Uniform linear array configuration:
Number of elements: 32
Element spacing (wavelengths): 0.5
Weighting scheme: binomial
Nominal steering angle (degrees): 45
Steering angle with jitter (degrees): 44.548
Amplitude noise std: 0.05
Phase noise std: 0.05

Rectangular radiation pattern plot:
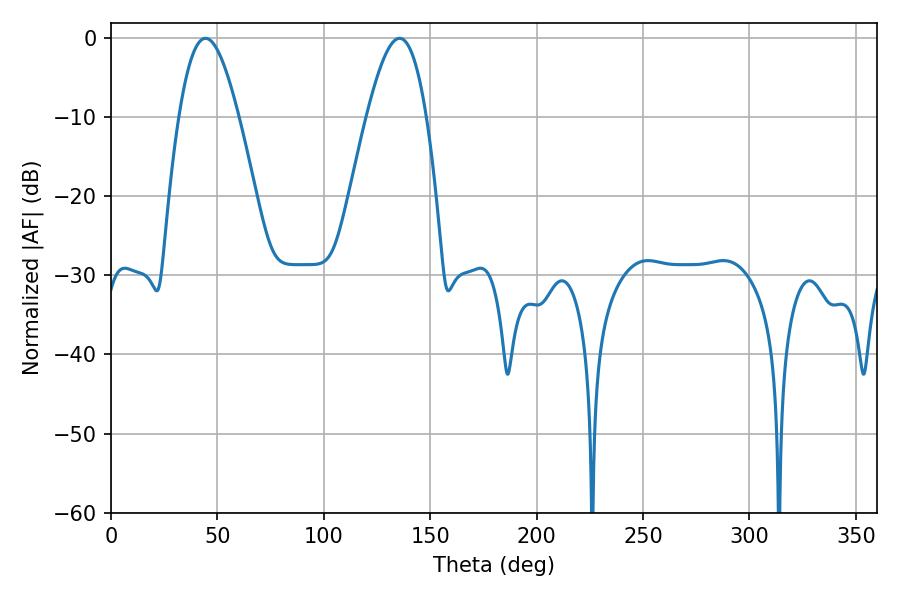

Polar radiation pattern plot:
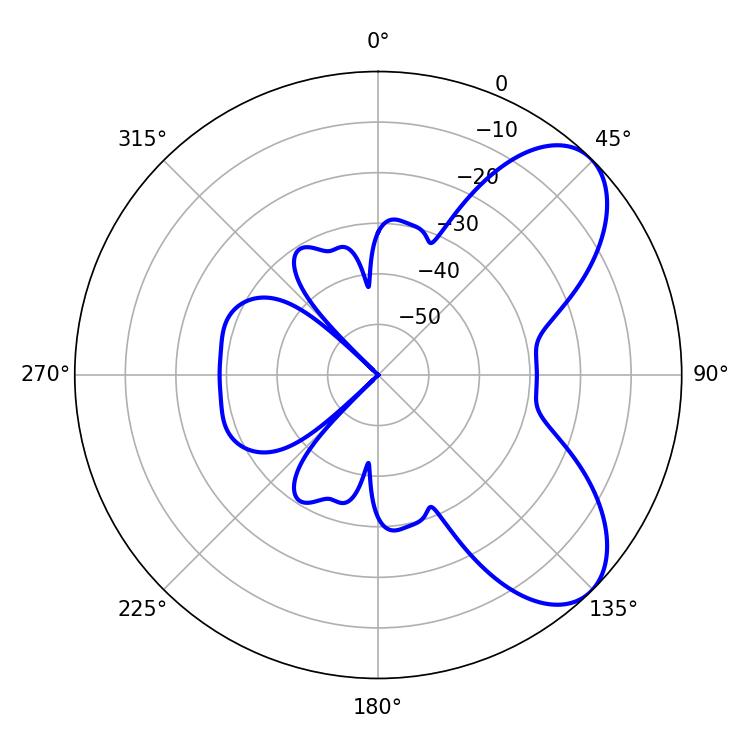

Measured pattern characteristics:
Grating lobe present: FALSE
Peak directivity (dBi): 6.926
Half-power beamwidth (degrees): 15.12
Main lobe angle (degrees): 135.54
════════
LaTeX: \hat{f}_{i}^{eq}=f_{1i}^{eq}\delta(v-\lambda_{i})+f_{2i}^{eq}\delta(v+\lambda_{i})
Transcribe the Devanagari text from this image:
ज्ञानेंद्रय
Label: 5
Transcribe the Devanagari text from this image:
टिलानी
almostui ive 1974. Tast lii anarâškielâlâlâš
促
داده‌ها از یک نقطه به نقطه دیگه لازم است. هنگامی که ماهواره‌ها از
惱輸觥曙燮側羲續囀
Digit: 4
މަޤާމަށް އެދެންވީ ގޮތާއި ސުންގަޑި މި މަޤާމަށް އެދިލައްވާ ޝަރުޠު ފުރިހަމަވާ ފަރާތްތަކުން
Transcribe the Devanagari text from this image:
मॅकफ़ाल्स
════════
### PROBLEM DESCRIPTION
Copy all lines from the entries that contain the word "radiation".

### ANSWER BELOW
Rectangular radiation pattern plot:
Polar radiation pattern plot:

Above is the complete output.